Bait Supply for chocolate should be good as the 2004 bait stand should have bait in their wells, as well as


a Shrimp boat out near the ICW "Tiffiny Ann" will have shrimp and croaker......


----------



## gregr1971

4 entries so far???


----------



## plankton

Greg
The big rush for entries are Friday evening and Saturday morning.There will be good turn out.


----------



## texacajun

Muddskipper-

Sorry I can't make it bro....got stuck on call and ended up working 7 of my 7 days off.
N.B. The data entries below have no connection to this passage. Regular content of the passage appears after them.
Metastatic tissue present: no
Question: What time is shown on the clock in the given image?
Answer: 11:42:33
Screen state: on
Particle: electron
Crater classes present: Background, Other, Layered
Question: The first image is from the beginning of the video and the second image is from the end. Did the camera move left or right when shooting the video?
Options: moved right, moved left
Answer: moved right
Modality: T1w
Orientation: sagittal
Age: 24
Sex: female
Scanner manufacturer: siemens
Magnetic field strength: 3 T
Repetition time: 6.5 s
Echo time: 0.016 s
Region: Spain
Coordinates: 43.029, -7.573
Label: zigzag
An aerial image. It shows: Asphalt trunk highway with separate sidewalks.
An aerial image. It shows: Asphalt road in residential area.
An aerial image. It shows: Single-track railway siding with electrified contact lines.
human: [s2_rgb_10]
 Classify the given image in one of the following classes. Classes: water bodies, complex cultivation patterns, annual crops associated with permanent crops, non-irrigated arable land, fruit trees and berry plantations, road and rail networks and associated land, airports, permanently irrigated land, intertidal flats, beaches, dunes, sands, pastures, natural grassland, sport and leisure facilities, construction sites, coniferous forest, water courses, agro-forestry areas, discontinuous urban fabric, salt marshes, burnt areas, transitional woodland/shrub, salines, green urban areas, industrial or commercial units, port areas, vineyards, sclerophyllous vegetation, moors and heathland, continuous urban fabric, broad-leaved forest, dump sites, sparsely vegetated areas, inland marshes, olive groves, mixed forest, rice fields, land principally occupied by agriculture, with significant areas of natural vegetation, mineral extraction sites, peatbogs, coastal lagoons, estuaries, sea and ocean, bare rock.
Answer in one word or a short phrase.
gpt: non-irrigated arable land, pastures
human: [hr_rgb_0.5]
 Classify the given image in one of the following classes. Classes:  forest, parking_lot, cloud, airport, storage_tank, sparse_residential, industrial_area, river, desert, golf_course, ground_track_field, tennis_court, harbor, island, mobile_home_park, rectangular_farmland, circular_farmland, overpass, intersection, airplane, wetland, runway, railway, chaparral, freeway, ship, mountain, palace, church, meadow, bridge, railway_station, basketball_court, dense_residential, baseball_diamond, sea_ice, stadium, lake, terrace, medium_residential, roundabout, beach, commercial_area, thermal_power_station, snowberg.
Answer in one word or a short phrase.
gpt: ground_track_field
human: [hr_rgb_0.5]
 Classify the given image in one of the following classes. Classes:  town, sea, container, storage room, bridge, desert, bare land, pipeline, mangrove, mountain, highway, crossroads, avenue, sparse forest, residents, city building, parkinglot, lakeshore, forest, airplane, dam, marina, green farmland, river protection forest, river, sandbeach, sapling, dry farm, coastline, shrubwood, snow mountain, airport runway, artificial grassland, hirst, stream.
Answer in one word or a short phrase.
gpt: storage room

Otherwise I could give somebody a run for their money on some gigantic gafftop!!!lol

Good luck and one day I'm gonna make it.

Mike


----------



## Muddskipper

Mike...your gonna have to try to make one this year......

Greg.....I have 15 guys including myself that will be siging up tonight and tomorrow morning. Also, since you have to check in the morning of, half of the people always sign up in the morning.

The Galveston paper had this tournament listed 3 times in the fishing report section, so we are expecting around 50 - 60 to enter.

It will be a good turnout


----------



## gregr1971

see you guy's there!


----------



## texacajun

Howsabout some pics of the tourney when ya'll get back? Sure could help a fella out stuck at work.

Mike


----------



## gregr1971

1 trout-16" , 1 flounder-16", thats all, so we shut 'er down at 2:00.
good luck to everyone else.


----------



## texacajun

Pics pics pics.

mike


----------



## Muddskipper

Sorry For the late report

We had 73 fisherman in the tournament.........

Lots of fish were brought in


Edward Novak took the RED closest to 6lbs
Bruce Hecker Jr landed a red with 10 spots which put him in 1st
Pat Corder had a 20 7/8" spec which was the Blk Jack Spec

Mike Bohaner took the Flounder pot with a 4.6 lb fat girl.
We released 8 live flounder back in the bayou, including the big girl.

To date we have raised $330 dollars for the Flounder Restocking Foundation.

Thanks to everyone who came out.


----------